Шли мы примерно час, может быть больше – солнце ощутимо сдвинулось к горизонту. Мне было все равно, куда мы идем, зачем, где мы находимся.  Все вокруг померкло, сделалось фоном к Ней. Помниться, я нес всякую чепуху, что-то из истории древней северной страны России, где жили немцы и русские – народы известные сейчас лишь немногим специалистам. Я рассказывал об их удивительной царице Екатерине и ее многочисленных любовниках, бесконечном гардеробе. А сам в это время смотрел на Нее. Любовался Ее жестами, походкой, улыбкой, брошенным вскользь взглядом. Все нравилось мне в Ней. И от этого становилось даже как-то не по себе.

И пришли мы к Старому парку. Собственно, и не парк это вовсе, а целый лесной массив, неведомо каким образом сохранившийся в наших местах. Место это жутковатое, масса нехороших слухов витает вокруг него. Говорят, что здесь, еще с войны, сильно повышен радиационный фон.

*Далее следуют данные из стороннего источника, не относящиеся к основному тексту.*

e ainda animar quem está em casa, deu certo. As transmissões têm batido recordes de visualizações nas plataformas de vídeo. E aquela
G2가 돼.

Говорят, что в болотах, полным полно неразорвавшихся снарядов и оставленных мин. А еще говорят, про каких-то «диких лесных людей» – будто выходят они ночами и утаскивают в чащу зазевавшихся прохожих. В последнее я не верю, пусть сам и не был в чаще никогда. Ну, какие «дикие люди»? Уже полтораста лет прошло со времени Реформации. Цивилизация достигла самых затаенных уголков планеты (о чем Отец народов поведал еще двадцать шесть лет назад), а мы все болтаем о «диких людях». Все это чушь. Смешно даже.

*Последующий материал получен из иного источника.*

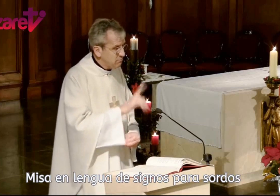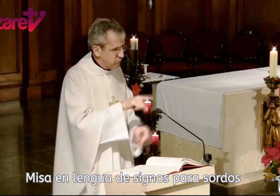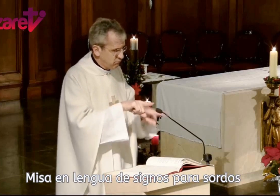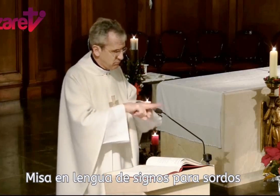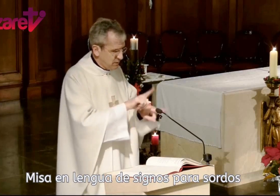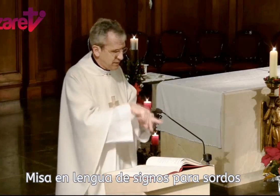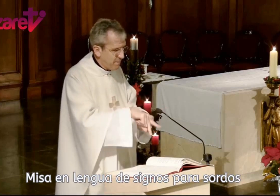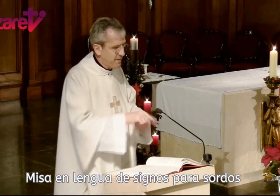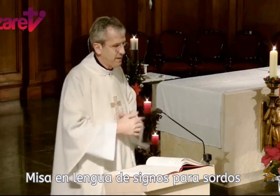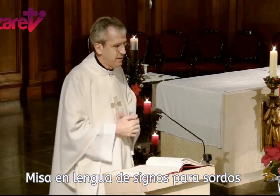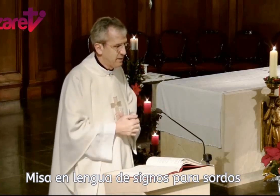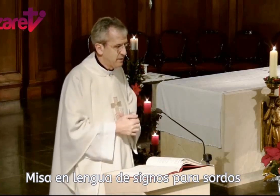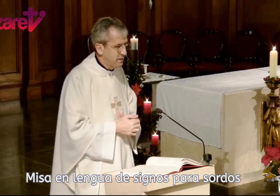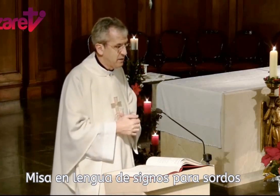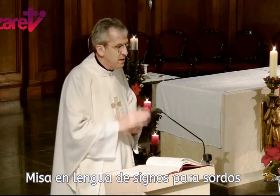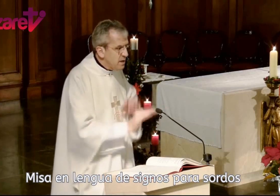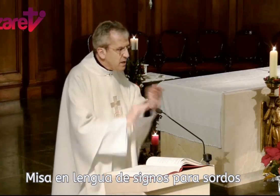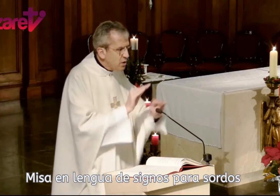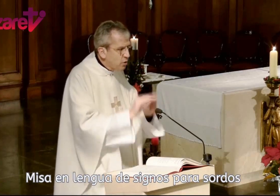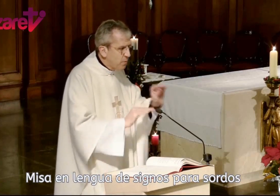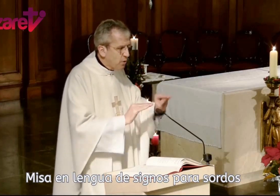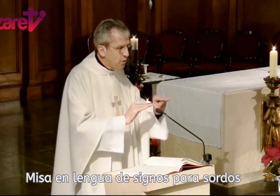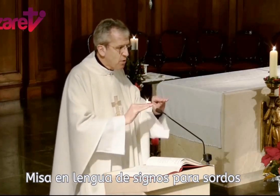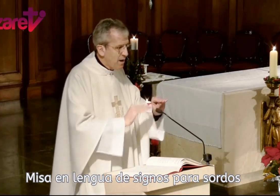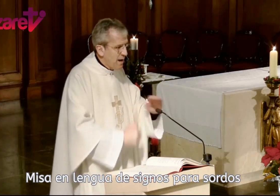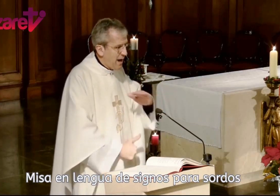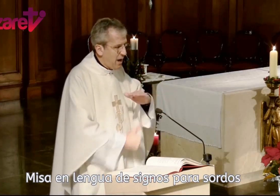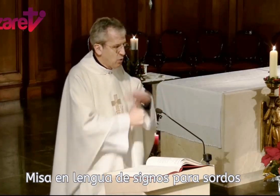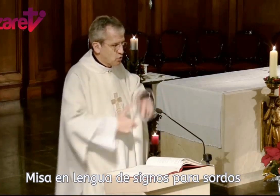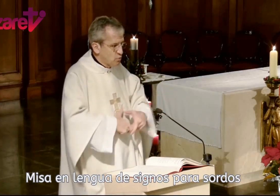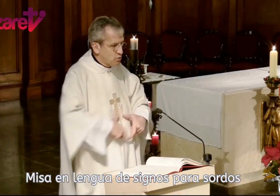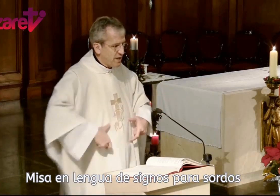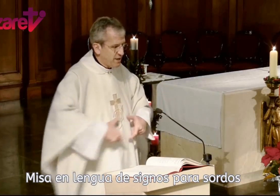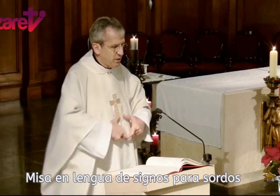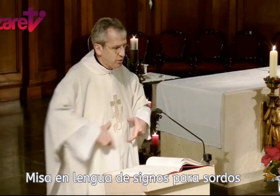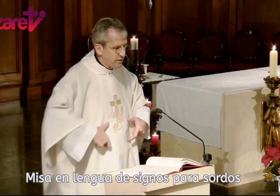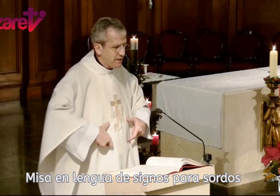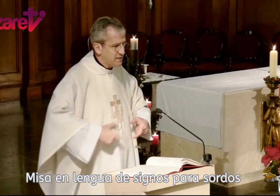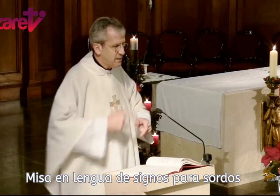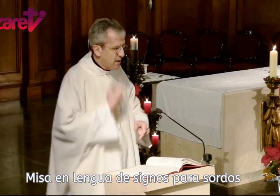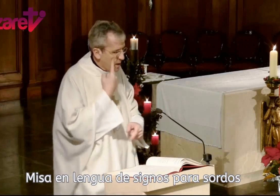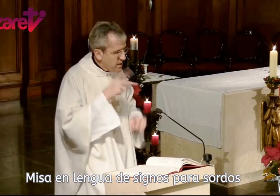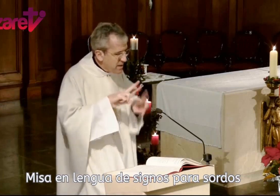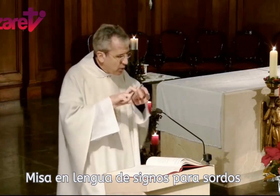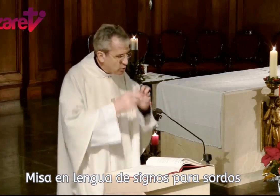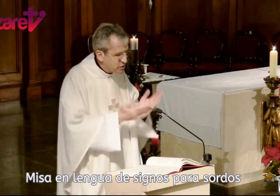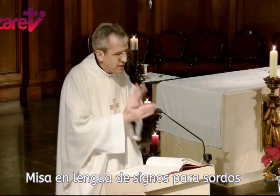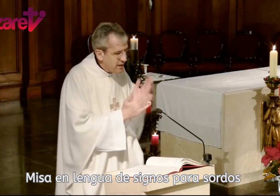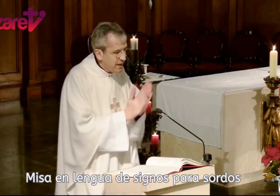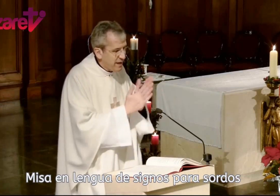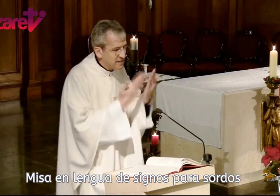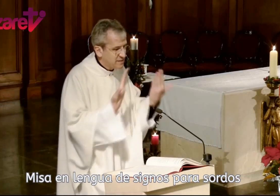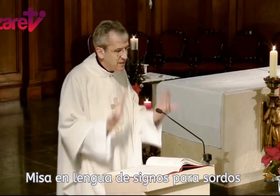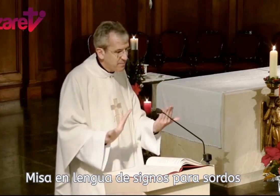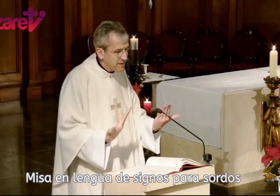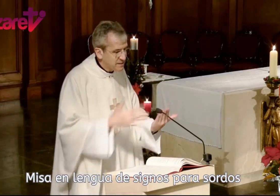también y convocó a los sumos sacerdotes y a los escribas

Старый парк оказался местом еще более унылым, нежели представлялось мне. Деревья, в большинстве своем старые, искореженные, росли в полном беспорядке. Ни размеченных аллей, ни дорожек, ни аттракционов. Одним словом, запустение.

Но удивление мое возросло еще сильнее, когда мы, ни на секунду не замедляясь, двинулись вглубь парка. Я несколько забеспокоился, что не мудрено: во-первых, скоро начнется Час тишины, а каждый школьник знает, что находиться в это время на улице противозаконно; во-вторых, мне как-то не улыбалось провести ночь в лесу. Видимо, Она почувствовала мое внутренне напряжение, потому сказала ласково:

– Ничего не бойся, я знаю здесь каждый кустик, каждую тропинку. А идем мы ко мне.

Читайте журнал «Новая Литература»

Я опешил. Как это «ко мне»? Вот так просто вести домой совершенно постороннего мужчину?

Когда состояние замешательства схлынуло, я прямо спросил:

– А ты чья?

– А ничья, – весело и даже дерзко отвечала Она.

Ее ответ озадачил меня еще больше. Как это ничья? Ведь согласно закону «Об отношении полов», принятому еще семьдесят восемь (вернее столько будет  шестнадцатого мая) лет назад, каждое лицо женского пола от шестнадцати до сорока пяти, в обязательном порядке, закреплялось за лицом мужского пола, в соответствии с его материальным положением и параметрическими характеристиками. Вот у меня, к примеру, две жены и я могу позволить себе еще одну, но мой рост – сто восемьдесят восемь сантиметров – не моден, ибо женщин с ростом выше среднего больше, чем мужчин с аналогичным показателем. Таким образом, дабы не создавать перекоса по физическим данным, а также с целью создания более совершенного вида человека и принят этот мудрый закон. Впрочем, извините, я, кажется, увлекся.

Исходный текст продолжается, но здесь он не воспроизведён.